Could you copy out every line of the data where the word "hanging" occurs?

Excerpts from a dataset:

------------------------------------------------

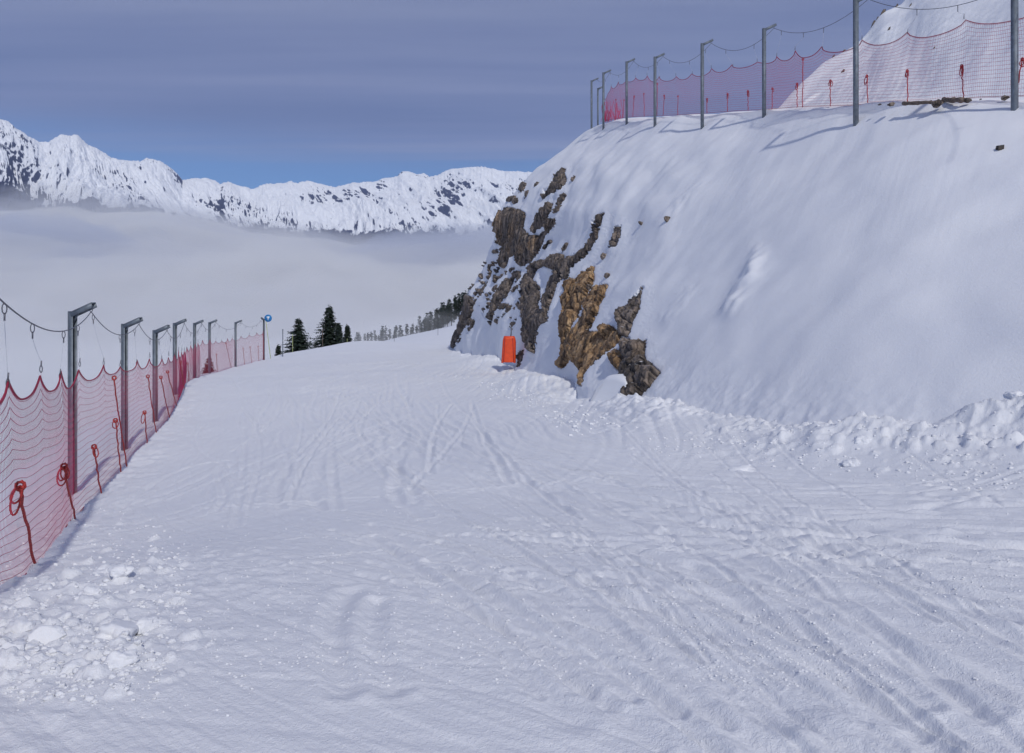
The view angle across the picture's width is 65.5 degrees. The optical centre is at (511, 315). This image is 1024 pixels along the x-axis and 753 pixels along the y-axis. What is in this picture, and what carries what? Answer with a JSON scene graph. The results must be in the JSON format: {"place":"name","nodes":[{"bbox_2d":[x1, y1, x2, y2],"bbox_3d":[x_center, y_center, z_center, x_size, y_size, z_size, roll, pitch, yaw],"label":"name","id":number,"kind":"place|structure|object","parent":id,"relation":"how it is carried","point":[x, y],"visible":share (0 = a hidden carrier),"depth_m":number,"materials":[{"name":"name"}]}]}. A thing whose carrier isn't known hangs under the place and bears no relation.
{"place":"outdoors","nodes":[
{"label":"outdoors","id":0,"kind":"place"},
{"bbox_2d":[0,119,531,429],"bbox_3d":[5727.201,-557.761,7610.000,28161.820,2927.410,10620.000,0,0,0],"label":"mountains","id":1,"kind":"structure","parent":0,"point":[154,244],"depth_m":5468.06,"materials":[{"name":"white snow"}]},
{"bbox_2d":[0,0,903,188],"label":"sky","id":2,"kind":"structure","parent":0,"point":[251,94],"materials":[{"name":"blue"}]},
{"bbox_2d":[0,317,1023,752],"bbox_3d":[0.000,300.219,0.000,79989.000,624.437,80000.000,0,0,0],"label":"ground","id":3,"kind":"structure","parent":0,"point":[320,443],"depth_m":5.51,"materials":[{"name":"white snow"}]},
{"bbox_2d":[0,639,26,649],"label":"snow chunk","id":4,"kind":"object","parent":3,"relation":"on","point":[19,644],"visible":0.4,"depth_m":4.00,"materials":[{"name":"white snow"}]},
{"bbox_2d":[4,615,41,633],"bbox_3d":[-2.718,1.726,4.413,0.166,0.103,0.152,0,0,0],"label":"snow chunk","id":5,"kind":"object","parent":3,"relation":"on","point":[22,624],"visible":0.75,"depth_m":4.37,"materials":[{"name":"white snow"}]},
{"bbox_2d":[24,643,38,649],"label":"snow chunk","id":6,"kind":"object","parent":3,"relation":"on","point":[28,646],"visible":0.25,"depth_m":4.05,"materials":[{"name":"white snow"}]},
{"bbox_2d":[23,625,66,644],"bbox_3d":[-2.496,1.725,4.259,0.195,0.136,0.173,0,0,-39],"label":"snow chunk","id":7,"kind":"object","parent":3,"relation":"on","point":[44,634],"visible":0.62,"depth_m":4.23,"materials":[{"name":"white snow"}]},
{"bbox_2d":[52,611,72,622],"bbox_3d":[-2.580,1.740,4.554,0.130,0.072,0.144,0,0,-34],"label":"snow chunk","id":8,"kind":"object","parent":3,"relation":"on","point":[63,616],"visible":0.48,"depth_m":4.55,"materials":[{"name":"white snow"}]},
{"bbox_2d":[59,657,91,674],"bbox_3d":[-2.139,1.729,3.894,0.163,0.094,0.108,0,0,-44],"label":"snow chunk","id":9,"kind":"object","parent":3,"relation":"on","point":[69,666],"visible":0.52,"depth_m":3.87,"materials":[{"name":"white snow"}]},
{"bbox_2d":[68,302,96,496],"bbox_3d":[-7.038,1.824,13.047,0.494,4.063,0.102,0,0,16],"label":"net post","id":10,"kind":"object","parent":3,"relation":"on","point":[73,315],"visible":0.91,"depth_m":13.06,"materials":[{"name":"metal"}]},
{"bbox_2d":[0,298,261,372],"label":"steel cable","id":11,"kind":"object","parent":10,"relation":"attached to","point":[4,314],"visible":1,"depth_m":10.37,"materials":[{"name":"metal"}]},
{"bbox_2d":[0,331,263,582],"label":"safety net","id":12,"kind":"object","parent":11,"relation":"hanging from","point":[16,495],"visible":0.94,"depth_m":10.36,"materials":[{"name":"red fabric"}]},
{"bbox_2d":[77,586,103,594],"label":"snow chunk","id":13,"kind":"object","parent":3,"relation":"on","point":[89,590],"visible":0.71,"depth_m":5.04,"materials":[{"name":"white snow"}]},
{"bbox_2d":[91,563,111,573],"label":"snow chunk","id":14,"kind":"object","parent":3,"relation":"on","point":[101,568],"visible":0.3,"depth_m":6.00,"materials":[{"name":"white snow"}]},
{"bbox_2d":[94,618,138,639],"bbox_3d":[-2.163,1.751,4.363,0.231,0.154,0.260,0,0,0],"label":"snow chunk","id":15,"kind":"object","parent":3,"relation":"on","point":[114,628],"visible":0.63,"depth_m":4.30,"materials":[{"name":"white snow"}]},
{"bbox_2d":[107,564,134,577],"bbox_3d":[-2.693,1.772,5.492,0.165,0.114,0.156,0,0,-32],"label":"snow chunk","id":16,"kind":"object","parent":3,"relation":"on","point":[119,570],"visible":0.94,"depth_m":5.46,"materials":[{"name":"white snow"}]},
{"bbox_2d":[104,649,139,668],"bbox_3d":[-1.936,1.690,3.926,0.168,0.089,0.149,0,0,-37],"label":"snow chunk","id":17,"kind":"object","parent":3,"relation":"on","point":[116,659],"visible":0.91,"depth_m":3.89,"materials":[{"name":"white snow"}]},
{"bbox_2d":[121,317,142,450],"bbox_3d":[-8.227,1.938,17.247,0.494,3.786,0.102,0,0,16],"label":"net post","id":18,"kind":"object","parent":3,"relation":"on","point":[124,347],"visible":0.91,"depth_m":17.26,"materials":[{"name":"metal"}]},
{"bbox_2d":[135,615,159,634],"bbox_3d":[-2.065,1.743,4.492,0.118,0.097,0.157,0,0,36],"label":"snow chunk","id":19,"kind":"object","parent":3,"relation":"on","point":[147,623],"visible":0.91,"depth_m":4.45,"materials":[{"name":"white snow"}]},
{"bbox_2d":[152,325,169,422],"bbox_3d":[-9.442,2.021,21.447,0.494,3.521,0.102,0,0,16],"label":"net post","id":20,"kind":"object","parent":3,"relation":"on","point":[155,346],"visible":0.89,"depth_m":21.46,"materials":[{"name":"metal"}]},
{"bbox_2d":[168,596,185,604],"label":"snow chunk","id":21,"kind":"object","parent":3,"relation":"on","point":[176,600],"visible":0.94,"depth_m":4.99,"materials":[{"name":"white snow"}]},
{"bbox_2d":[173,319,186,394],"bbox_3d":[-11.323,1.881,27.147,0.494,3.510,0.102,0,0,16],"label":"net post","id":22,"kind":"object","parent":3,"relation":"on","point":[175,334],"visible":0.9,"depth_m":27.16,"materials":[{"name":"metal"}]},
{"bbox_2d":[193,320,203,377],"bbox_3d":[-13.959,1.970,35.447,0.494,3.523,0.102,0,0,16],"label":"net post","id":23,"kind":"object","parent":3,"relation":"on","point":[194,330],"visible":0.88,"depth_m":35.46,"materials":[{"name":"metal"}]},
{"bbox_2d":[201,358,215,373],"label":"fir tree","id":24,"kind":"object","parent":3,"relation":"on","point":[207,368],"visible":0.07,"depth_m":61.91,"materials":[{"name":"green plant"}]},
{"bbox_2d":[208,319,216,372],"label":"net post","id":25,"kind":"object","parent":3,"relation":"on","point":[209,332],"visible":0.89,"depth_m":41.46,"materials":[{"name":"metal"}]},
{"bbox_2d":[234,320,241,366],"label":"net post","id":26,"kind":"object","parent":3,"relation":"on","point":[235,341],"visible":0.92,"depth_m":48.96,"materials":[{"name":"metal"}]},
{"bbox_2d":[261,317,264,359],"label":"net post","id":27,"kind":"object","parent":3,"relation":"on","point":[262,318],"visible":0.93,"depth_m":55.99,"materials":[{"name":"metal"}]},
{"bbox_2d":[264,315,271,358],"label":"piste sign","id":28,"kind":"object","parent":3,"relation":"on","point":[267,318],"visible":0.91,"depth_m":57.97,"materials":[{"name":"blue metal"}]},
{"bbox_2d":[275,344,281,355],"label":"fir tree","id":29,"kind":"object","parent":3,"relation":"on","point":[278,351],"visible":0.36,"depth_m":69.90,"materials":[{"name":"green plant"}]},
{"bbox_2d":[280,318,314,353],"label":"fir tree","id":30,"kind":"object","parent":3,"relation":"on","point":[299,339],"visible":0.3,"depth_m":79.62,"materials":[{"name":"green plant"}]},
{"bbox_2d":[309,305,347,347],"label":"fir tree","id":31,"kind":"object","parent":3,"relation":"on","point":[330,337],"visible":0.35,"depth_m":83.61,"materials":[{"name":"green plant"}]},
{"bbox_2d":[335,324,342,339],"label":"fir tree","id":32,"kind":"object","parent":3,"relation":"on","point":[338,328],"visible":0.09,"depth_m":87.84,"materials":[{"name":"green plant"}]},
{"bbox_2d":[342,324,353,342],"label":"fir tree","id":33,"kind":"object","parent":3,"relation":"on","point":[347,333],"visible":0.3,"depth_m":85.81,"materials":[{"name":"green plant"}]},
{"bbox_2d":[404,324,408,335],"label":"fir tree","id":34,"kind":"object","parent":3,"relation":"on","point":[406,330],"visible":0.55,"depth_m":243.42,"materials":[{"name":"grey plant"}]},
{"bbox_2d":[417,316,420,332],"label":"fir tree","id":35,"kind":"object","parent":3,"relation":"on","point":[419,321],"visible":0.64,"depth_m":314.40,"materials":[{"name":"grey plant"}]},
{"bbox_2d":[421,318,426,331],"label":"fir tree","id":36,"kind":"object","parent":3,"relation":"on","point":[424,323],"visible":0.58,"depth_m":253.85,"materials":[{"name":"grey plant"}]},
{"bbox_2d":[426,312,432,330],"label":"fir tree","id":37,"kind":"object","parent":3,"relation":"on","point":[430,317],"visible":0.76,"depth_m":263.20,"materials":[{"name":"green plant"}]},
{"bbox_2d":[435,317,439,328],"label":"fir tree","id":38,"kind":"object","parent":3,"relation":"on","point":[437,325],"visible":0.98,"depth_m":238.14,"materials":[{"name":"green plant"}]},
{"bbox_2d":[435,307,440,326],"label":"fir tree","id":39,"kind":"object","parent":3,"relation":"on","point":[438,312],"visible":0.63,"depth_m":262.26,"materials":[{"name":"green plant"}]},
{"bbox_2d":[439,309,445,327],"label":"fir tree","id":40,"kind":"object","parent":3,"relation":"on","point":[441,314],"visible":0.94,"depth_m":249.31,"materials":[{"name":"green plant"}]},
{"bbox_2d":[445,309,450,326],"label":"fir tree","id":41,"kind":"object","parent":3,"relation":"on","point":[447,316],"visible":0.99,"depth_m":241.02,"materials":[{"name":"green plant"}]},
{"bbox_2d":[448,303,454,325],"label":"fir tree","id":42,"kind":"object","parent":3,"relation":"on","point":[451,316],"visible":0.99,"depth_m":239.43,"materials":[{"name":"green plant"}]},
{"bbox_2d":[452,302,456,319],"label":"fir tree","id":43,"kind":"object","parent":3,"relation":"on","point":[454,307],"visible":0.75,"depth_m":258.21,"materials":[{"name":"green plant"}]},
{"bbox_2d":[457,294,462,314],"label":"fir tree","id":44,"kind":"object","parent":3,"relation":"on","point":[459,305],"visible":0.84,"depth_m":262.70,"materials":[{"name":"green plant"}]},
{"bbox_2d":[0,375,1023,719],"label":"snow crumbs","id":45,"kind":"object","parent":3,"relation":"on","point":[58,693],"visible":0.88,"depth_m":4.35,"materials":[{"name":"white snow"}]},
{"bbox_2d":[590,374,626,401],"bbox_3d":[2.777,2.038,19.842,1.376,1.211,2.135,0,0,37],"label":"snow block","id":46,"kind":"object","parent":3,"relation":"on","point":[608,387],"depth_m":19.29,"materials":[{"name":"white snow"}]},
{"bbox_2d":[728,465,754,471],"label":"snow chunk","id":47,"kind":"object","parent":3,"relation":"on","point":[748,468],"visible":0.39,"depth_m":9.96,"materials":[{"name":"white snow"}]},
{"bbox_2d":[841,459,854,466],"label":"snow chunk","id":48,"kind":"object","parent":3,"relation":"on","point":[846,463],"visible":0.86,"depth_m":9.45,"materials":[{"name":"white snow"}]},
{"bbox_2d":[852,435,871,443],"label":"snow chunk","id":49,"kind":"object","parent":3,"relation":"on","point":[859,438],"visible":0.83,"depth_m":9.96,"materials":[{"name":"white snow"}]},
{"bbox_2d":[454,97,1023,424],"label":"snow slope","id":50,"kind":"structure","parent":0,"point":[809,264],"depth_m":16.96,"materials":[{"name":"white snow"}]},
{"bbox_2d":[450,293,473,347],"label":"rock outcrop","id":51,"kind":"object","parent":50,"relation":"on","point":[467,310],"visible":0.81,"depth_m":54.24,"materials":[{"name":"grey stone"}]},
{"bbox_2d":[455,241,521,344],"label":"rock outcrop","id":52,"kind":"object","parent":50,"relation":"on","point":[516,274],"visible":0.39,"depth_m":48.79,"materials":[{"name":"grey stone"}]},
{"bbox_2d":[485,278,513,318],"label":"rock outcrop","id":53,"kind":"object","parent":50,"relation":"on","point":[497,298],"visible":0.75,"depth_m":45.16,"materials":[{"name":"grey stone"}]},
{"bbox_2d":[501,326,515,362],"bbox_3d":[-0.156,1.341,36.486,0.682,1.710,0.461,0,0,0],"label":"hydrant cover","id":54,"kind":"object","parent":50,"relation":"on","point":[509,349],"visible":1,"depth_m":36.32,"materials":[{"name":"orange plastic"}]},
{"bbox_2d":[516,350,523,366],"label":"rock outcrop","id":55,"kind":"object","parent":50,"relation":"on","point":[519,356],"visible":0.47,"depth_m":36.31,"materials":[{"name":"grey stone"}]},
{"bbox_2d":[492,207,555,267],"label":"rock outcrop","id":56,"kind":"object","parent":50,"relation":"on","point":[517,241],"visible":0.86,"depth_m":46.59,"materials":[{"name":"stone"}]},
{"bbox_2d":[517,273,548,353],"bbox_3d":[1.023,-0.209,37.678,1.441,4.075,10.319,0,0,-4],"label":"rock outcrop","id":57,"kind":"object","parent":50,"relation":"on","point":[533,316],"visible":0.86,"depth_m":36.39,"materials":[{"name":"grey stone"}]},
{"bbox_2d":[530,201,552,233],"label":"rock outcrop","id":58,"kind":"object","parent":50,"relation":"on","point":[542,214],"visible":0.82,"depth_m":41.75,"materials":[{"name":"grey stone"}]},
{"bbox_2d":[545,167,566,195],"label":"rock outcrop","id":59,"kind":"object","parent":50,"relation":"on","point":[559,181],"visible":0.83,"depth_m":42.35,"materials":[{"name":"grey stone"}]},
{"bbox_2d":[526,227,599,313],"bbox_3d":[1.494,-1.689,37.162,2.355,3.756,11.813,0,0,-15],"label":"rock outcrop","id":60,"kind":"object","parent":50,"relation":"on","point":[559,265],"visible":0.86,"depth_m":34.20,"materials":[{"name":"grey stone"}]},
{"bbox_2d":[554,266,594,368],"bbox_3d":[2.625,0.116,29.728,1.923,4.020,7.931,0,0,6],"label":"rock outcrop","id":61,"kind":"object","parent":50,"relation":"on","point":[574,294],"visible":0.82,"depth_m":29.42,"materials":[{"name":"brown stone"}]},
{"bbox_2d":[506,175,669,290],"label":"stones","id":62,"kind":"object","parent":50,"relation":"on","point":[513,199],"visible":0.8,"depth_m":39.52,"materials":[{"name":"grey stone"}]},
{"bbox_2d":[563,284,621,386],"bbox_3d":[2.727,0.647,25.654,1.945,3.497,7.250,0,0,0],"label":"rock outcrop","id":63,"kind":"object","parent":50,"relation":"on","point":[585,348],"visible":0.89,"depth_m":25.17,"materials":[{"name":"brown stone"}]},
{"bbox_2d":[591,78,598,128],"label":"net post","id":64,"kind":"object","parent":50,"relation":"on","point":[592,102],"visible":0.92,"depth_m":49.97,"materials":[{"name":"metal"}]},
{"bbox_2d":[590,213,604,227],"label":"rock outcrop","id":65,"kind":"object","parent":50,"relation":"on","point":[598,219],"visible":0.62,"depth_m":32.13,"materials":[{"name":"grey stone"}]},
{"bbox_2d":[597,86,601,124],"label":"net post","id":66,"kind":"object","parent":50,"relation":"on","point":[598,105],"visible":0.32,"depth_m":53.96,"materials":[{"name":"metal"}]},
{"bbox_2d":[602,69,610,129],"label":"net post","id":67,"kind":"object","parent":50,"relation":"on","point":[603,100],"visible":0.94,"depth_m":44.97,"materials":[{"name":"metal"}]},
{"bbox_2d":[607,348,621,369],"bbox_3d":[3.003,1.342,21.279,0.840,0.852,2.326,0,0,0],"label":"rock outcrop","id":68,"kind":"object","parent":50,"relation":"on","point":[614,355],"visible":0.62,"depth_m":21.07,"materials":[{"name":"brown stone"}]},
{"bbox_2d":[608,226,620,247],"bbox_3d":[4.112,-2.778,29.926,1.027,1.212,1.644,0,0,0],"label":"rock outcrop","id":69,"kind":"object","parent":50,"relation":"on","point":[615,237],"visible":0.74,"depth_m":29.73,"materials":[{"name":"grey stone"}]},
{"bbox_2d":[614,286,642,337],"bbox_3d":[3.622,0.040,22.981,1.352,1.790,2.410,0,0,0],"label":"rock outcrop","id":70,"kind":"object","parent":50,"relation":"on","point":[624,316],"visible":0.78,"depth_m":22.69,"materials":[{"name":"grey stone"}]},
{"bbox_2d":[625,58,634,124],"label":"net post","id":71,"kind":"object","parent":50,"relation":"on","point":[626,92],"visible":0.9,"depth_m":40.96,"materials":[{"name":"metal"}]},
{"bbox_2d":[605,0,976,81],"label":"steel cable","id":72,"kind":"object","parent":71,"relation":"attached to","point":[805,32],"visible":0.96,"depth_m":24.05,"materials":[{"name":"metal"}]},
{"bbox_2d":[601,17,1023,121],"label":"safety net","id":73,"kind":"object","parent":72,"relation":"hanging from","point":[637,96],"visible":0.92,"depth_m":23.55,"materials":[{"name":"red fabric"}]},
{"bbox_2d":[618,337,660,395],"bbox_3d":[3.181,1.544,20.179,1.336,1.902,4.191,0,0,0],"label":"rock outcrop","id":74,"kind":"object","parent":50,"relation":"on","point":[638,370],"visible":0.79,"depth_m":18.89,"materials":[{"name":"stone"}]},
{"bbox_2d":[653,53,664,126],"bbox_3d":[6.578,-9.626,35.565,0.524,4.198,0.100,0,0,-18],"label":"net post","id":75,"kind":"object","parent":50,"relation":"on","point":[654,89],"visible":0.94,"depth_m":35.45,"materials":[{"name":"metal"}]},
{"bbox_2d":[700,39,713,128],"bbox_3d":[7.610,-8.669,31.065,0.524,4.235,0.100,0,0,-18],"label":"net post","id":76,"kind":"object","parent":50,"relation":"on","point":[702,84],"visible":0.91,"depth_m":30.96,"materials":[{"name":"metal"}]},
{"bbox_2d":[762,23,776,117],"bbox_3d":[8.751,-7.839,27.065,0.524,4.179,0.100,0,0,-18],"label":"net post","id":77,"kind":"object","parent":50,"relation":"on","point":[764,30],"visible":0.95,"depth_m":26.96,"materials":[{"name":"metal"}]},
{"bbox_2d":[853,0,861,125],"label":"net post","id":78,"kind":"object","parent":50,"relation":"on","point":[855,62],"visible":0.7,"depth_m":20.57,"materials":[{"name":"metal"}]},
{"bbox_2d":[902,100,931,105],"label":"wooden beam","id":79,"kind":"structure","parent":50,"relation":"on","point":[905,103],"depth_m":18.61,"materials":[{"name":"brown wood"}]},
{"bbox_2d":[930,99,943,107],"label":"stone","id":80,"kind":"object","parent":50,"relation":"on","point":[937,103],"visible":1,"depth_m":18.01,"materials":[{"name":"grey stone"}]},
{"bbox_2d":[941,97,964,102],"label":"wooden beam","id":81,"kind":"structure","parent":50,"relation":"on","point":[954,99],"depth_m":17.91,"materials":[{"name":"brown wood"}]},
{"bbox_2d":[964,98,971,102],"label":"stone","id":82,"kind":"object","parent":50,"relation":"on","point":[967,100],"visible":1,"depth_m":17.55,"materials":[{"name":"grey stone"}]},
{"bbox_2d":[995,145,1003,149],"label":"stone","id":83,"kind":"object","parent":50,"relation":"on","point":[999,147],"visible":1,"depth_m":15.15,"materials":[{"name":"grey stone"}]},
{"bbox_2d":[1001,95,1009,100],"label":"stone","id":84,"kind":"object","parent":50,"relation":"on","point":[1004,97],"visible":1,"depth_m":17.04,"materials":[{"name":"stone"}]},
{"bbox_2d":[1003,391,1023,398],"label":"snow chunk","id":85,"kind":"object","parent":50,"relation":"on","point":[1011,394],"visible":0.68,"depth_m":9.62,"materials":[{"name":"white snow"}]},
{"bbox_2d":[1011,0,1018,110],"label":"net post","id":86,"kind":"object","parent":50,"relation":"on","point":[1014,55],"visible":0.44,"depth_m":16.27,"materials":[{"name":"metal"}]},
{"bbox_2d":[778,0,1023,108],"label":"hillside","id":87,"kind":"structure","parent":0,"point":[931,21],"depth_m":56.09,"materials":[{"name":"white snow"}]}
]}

------------------------------------------------

# Exercise answer:
{"bbox_2d":[0,331,263,582],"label":"safety net","id":12,"kind":"object","parent":11,"relation":"hanging from","point":[16,495],"visible":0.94,"depth_m":10.36,"materials":[{"name":"red fabric"}]},
{"bbox_2d":[601,17,1023,121],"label":"safety net","id":73,"kind":"object","parent":72,"relation":"hanging from","point":[637,96],"visible":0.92,"depth_m":23.55,"materials":[{"name":"red fabric"}]},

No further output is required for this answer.